Why are GWAS referred to as phenotype-first studies?
The the participants are classified first by their clinical manifestation(s), as opposed to genotype-first approach.
Why are GWAS referred to as non-candidate-driven studies?
GWA studies investigate the entire genome as oppose to methods which specifically test one or a few genetic regions
When a SNP marker is found to be significantly associated with disease in a GWAS, what four explanations exist for the apparant association?
- The genetic variant measured in the study is indeed important in disease causation
- An association has been found by chance and there is no link at the level of disease causation
- Confounding bias due to population stratification caused by cases and controls being selected from genetically different subsets of a population
- The genetic variant measured in the study is not the true disease-causing variant but is instead in LD with the disease allele.

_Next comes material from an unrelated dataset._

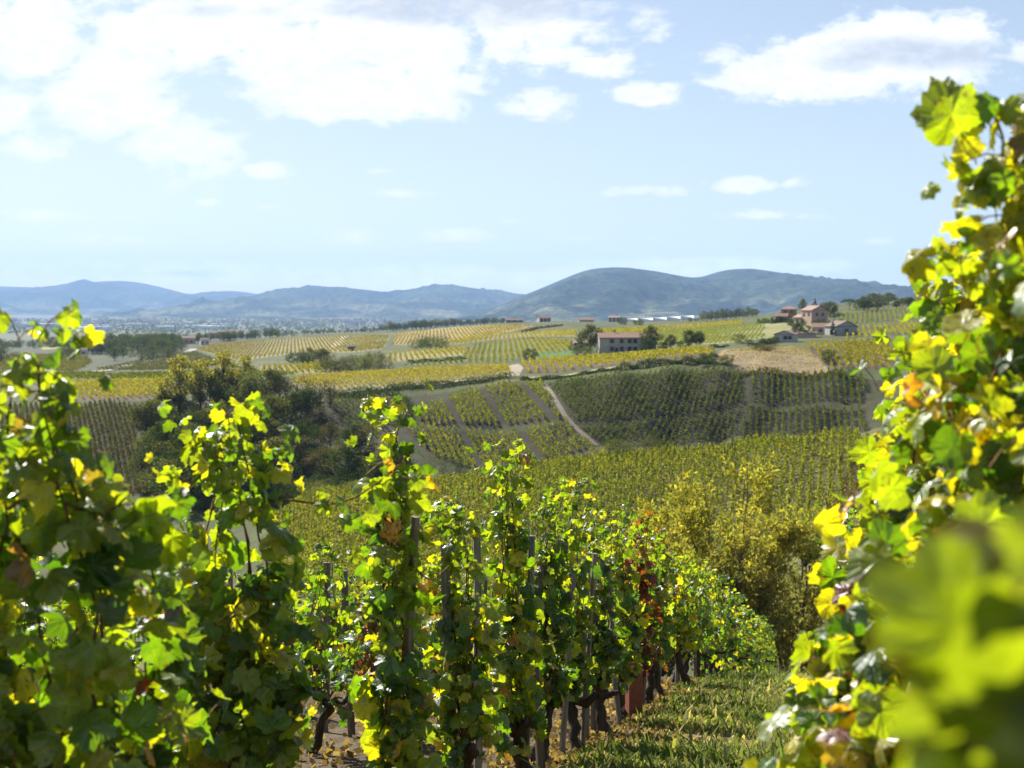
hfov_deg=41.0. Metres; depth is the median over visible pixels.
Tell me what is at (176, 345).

Role of HapMap project in enabling GWAS?
- The International HapMap Project was an organization that aimed to develop a haplotype map (HapMap) of the human genome (2005/07/09)
- Goal was to identify millions of new SNP loci accross the genome by performing ‘resequencing’ of dozens of trios from populations accross the globe
- This provided knowledge for array manufacturers to build affordable platforms to genotype these SNPs in GWASs
- Provided high resolution information on the common haplotypes in Humans.